PROMPT. Look below for the line containing "ཡོན་ཏན་ཐམས་ཅད་"; from there, print each line exactly up to and including the line containing "མ་ཀུན་དང་བྲལ་ཞ", and stop.

Records from a data source.
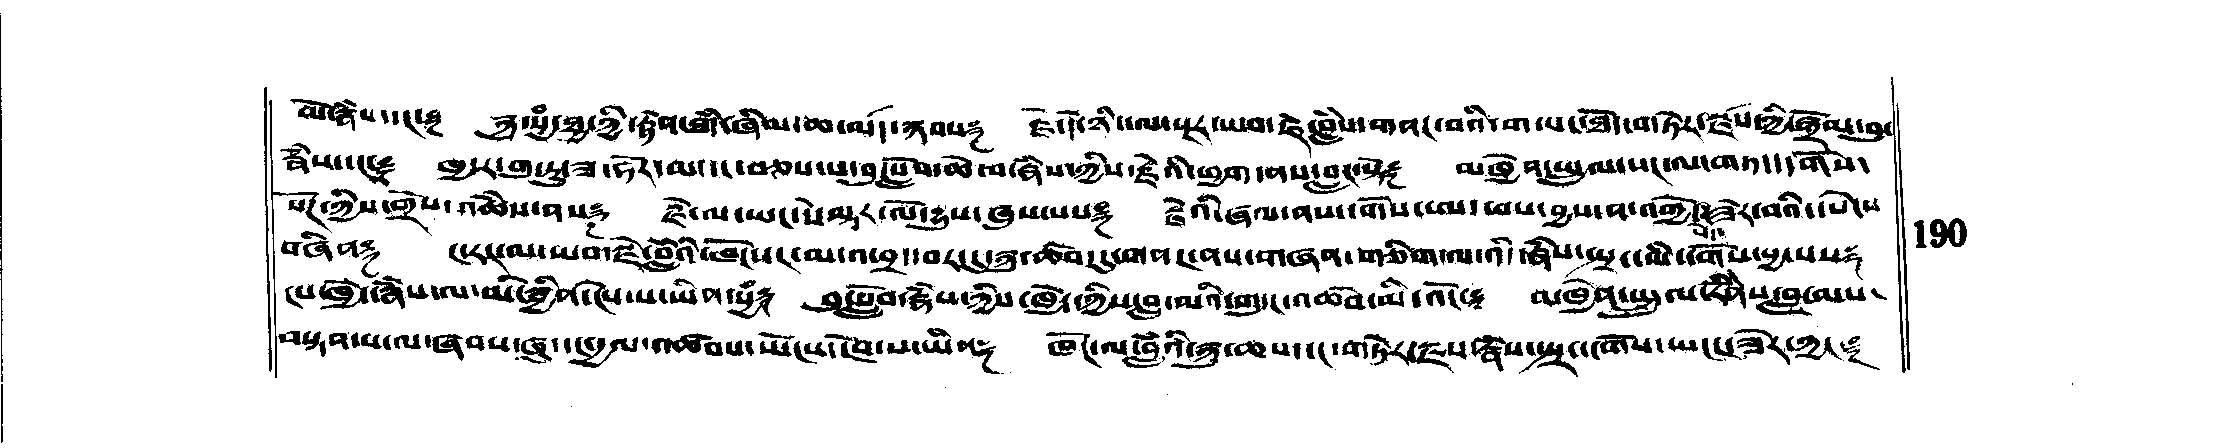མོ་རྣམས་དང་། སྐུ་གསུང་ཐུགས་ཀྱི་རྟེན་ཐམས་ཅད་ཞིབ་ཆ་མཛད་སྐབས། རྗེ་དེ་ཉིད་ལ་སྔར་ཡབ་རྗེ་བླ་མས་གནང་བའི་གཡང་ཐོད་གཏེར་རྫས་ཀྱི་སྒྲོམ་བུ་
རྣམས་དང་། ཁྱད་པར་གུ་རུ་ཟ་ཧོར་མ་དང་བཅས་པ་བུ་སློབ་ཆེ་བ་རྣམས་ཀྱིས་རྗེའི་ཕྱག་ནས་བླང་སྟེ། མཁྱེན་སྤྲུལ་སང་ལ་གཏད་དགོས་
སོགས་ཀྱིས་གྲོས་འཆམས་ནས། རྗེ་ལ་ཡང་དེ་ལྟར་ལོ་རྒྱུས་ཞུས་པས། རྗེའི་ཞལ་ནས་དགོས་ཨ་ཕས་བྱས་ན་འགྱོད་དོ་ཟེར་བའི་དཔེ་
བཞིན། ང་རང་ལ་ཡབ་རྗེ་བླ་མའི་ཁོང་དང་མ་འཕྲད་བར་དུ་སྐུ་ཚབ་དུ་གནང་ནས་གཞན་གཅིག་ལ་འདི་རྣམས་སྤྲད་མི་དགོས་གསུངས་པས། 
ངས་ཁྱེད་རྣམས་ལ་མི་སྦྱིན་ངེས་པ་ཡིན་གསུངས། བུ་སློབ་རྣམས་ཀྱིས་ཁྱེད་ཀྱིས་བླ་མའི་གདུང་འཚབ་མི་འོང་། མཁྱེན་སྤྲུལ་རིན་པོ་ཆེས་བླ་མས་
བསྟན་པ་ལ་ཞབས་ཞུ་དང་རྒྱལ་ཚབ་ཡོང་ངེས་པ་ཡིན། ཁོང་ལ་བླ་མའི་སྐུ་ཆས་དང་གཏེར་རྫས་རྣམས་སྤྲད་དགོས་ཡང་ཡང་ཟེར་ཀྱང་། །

---

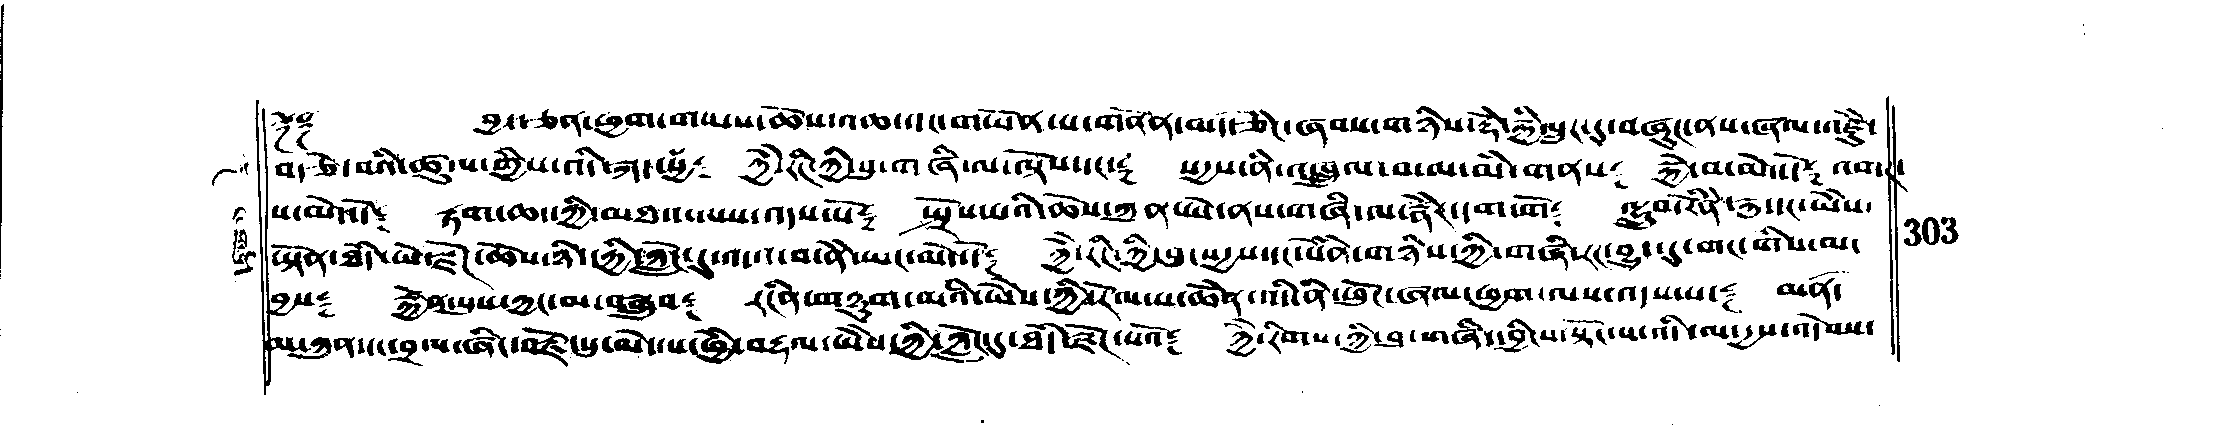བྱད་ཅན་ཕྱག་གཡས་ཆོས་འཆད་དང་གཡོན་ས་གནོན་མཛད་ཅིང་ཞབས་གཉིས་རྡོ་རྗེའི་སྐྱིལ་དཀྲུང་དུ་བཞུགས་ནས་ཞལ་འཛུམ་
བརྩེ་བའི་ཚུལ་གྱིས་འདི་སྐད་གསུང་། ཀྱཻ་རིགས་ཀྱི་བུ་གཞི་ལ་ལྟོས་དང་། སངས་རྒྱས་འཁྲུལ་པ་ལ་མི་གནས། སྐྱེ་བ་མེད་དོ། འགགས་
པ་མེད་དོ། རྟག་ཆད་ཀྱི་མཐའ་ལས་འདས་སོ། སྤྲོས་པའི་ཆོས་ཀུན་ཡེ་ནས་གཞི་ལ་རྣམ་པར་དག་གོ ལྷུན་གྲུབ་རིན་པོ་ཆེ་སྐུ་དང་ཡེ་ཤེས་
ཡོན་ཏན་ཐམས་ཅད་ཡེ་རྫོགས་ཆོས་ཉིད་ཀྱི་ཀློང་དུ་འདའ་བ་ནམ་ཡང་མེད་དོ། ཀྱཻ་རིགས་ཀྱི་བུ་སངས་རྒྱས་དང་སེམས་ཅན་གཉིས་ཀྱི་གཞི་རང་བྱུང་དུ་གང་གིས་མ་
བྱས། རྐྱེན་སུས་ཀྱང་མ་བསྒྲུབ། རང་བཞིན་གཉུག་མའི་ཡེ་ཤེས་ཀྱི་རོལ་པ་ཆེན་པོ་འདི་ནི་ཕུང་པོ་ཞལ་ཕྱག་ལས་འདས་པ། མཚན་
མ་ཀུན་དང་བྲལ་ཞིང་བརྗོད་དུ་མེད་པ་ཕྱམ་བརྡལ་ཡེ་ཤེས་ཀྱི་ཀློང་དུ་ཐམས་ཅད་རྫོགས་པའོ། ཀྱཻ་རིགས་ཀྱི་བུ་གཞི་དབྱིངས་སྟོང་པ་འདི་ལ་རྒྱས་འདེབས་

EXERCISE RESPONSE.
ཡོན་ཏན་ཐམས་ཅད་ཡེ་རྫོགས་ཆོས་ཉིད་ཀྱི་ཀློང་དུ་འདའ་བ་ནམ་ཡང་མེད་དོ། ཀྱཻ་རིགས་ཀྱི་བུ་སངས་རྒྱས་དང་སེམས་ཅན་གཉིས་ཀྱི་གཞི་རང་བྱུང་དུ་གང་གིས་མ་
བྱས། རྐྱེན་སུས་ཀྱང་མ་བསྒྲུབ། རང་བཞིན་གཉུག་མའི་ཡེ་ཤེས་ཀྱི་རོལ་པ་ཆེན་པོ་འདི་ནི་ཕུང་པོ་ཞལ་ཕྱག་ལས་འདས་པ། མཚན་
མ་ཀུན་དང་བྲལ་ཞིང་བརྗོད་དུ་མེད་པ་ཕྱམ་བརྡལ་ཡེ་ཤེས་ཀྱི་ཀློང་དུ་ཐམས་ཅད་རྫོགས་པའོ། ཀྱཻ་རིགས་ཀྱི་བུ་གཞི་དབྱིངས་སྟོང་པ་འདི་ལ་རྒྱས་འདེབས་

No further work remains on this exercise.